Russia said on Monday Ukrainian troops and volunteers had fought for Georgia in last summer`s war, something Ukraine has always denied. [ID:nLO588076]

But where worsening relations between the two countries in the aftermath of the Georgia war unnerved markets and hit Ukrainian assets, this year investors say the situation is entirely different.

"The worse relations get, the more likely the West is to make sure they get the aid they need," said emerging markets strategist Nigel Rendell at Royal Bank of Canada.

"Ukraine is definitely a very different case compared to other countries in the region when it comes to their IMF deals."

Ukraine`s economy and currency slumped drastically late last year, reeling from the impact of the global financial crisis and leaving the country dependent on a $16.4 billion rescue package from the IMF (International Monetary Fund).

That has left the confidence of the handful of foreign investors remaining in Ukraine almost entirely dependent on the progress of that deal, with the IMF holding up delivery of a tranche earlier this year blaming political failure to pass essential reforms.

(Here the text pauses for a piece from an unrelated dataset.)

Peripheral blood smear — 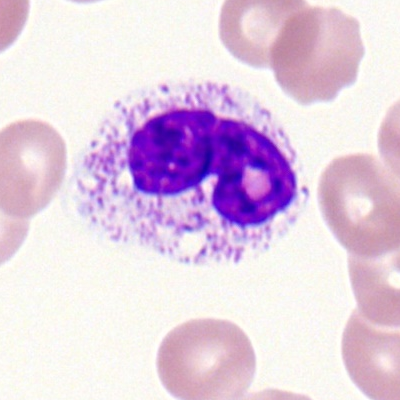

Investors had worried political turmoil ahead of presidential elections in January and a power struggle between Ukrainian President Viktor Yushchenko and one-time ally Prime Minister Yulia Tymoshenko might further delay and imperil the programme.

But the cost of insuring Ukraine`s sovereign debt in the credit default swaps market, which soared earlier in the year as fear of sovereign default made it virtually uninsurable, has fallen back in recent months -- although it remains amongst the highest in emerging markets.

The price move is almost entirely down to the growing market assumption that the IMF would back Ukraine regardless -- unlike other countries such as Latvia or Hungary that are also dependent on international financial aid to survive financially but on whom the lender is seen as being less lenient.

Indeed, the IMF has shown an unusual degree of flexibility, for example by allowing a budget deficit of 6 percent of gross domestic product after initially demanding a balanced budget.

The agreement of another $3.3 billion tranche last month was seen by many as a sign that the IMF would not walk away from Ukraine. The European Union has provided additional support to help Ukraine purchase Russian gas.

"The IMF is taking a softer line on Ukraine the other countries and the reason is simply down to geopolitics," said Commerzbank head of emerging market research Michael Ganske.

Investors are also hoping tensions with Russia will diminish after elections in January, with both front-runners in the polls seen more friendly towards Russia than current President Viktor Yushchenko, who stands little chance of being reelected.

Moscow is seen reluctant to take serious action against Ukraine -- such as closing gas taps as it did earlier this year in a row over payment -- for fear of undermining support for the candidates seen as more Russia-friendly.